Heavy taxation weighing down mobile services
26 July 2019
Heavy taxation on mobile services by governments in sub-Saharan Africa is weighing down the providers, with industry captains citing the action among factors likely to undermine its gains.
Mobile financial services operators are directly or indirectly taxed up to 66 per cent of revenues, which coupled with high spectrum fees in some markets, ends up hurting operations.
Now Akinwale Goodluck, GSMA’s head of sub-Saharan Africa, is asking governments to use technology to come up with a broad-based tax that is friendly to the industry.
He said mobile services are subject to different layers of taxes, ending up with “sin tax” like cigarettes, alcohol and other goods in that category.

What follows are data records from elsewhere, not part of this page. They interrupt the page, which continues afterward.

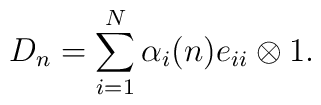
D_n=\sum_{i=1}^N\alpha_i(n)e_{ii}\otimes1.
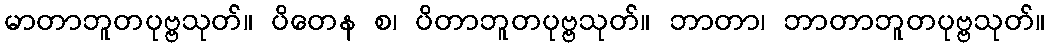
မာတာဘူတပုဗ္ဗသုတ်။ ပိတေန စ၊ ပိတာဘူတပုဗ္ဗသုတ်။ ဘာတာ၊ ဘာတာဘူတပုဗ္ဗသုတ်။
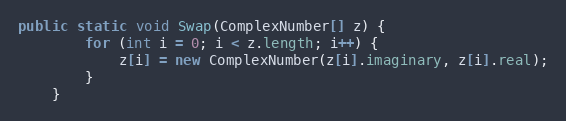
Language: Java
public static void Swap(ComplexNumber[] z) {
        for (int i = 0; i < z.length; i++) {
            z[i] = new ComplexNumber(z[i].imaginary, z[i].real);
        }
    }
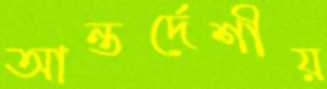
আন্তর্দেশীয়
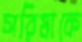
সরিষাকে
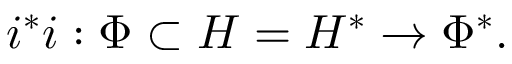
i ^ { * } i : \Phi \subset H = H ^ { * } \to \Phi ^ { * } .
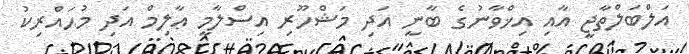
އަލްބަލްތާޖީ އާއި އިޚްވާނުގެ ބާނީ އަދި މަޝްހޫރި އިސްލާމީ ޢާލިމް އަދި މުޙައްރިކު
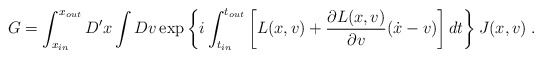
\begin{align*}G =\int_{x_{in}}^{x_{out}}D'x\int Dv\exp\left\{i\int_{t_{in}}^{t_{out}}\left[L(x,v)+\frac{\partial L(x,v)}{\partial v}(\dot{x}-v)\right]dt\right\}J(x,v) \; .\end{align*}
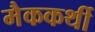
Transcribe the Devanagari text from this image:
मैककर्थी
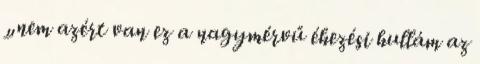
„nem azért van ez a nagymérvű éhezési hullám az
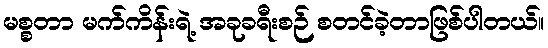
မစ္စတာ မက်ကိန်းရဲ့ အခုခရီးစဉ် စတင်ခဲ့တာဖြစ်ပါတယ်။
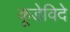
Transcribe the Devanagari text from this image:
कूडेविदे
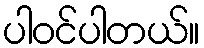
ပါဝင်ပါတယ်။
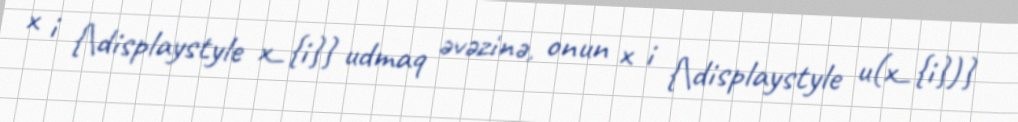
x i {\displaystyle x_{i}} udmaq əvəzinə, onun x i {\displaystyle u(x_{i})}

The 2019 GSMA Mobile Economy Report says the mobile ecosystem across sub-Saharan Africa generated almost $150 billion in economic value in 2018 — equivalent to 8.6 per cent of the region’s GDP — and is forecast to generate almost $185 billion (9.1 per cent of GDP) by 2023.

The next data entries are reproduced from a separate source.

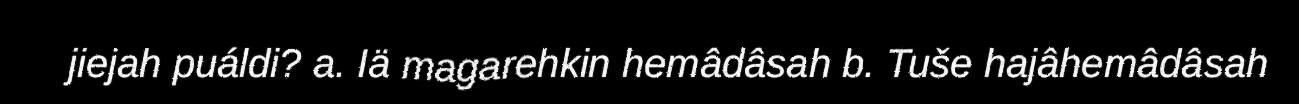
jiejah puáldi? a. Iä magarehkin hemâdâsah b. Tuše hajâhemâdâsah
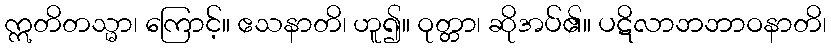
ဣတိတသ္မာ၊ ကြောင့်။ ဧသနာတိ၊ ဟူ၍။ ဝုတ္တာ၊ ဆိုအပ်၏။ ပဋိလာဘဘာဝနာတိ၊
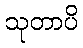
သုတာပိ
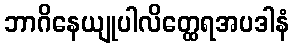
ဘာဂိနေယျုပါလိတ္ထေရအပဒါနံ
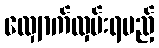
လျှောက်လှမ်းရမည့်
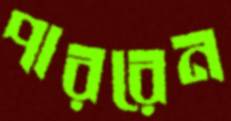
পাররেন
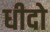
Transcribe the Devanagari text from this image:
धीदो
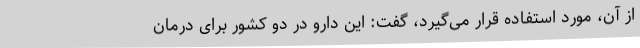
از آن، مورد استفاده قرار می‌گیرد، گفت: این دارو در دو کشور برای درمان
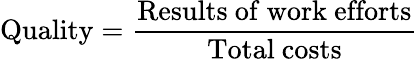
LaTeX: {\mathrm{Quality}}={\frac{\mathrm{Results~of~work~efforts}}{\mathrm{Total~costs}}}
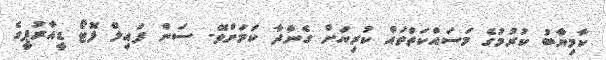
ކާމިޔާބު ކުރުމުގެ މަސައްކަތްތައް ކުރިޔަށް ގެންދާ ކަމަށްވޭ- ސަން ފައިލް ފޮޓޯ ޑީއާރުޕީގެ
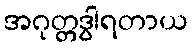
အဂုတ္တဒွါရတာယ
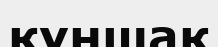
құншақ
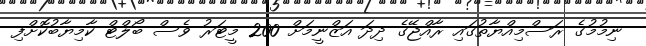
ނިމުމުގެ ރަސްމިއްޔާތުގައި ރާއްޖޭގެ ދިދަ އަޒްނީމަށް 200 މީޓަރު ވެސް ބޯލްޓް ކާމިޔާބުކޮށްފި
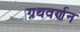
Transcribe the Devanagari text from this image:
ग्रथवर्णन
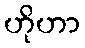
ဟိုဟာ
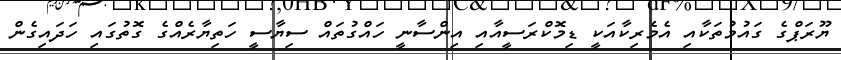
ޔޫރަޕްގެ ގައުމުތަކާއި އެމެރިކާއަކީ ޑިމޮކްރަސީއާއި އިންސާނީ ހައްގުތައް ސިޔާސީ ހަތިޔާރެއްގެ ގޮތުގައި ހަދައިގެން
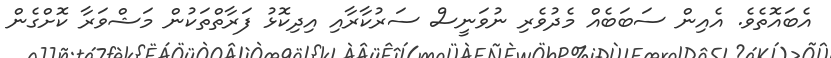
އެބައޮތެވެ. އެއިން ސަބަބެއް މެދުވެރި ނުވަނީސް ސަރުކާރާއި އިދިކޮޅު ފަރާތްތަކުން މަޝްވަރާ ކޮށްގެން
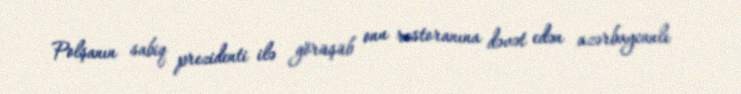
Polşanın sabiq prezidenti ilə görüşüb onu restoranına dəvət edən azərbaycanlı
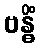
ဗန္ဓိံ
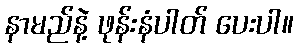
နာမည်နဲ့ ဖုန်းနံပါတ် ပေးပါ။
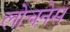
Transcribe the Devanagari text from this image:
लोचनेस
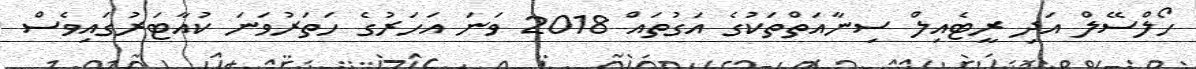
ހޯލްސޭލް އަދި ރީޓެއިލް ސިނާއަތްތަކުގެ އަގުތައް 2018 ވަނަ އަހަރުގެ ހަތަރުވަނަ ކުއާޓަރުގައިވެސް
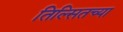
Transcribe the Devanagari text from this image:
तिल्सितच्या
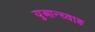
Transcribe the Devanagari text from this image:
युआन्च्वाङ
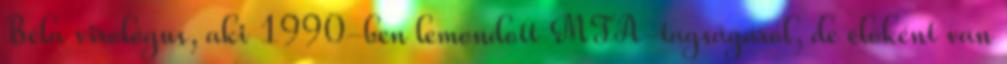
Béla virológus, aki 1990-ben lemondott MTA-tagságáról, de élőként van
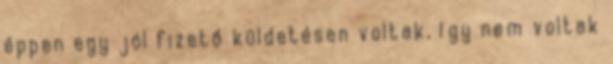
éppen egy jól fizető küldetésen voltak, így nem voltak

The report notes that the SSA will remain the world’s fastest-growing mobile region over the coming years, as millions of young African consumers become mobile users, with more than 160 million unique subscribers—those with multiple mobile connections—expected by 2025. This will bring the total to 623 million, representing around half of the region’s population, up from 456 million in 2018.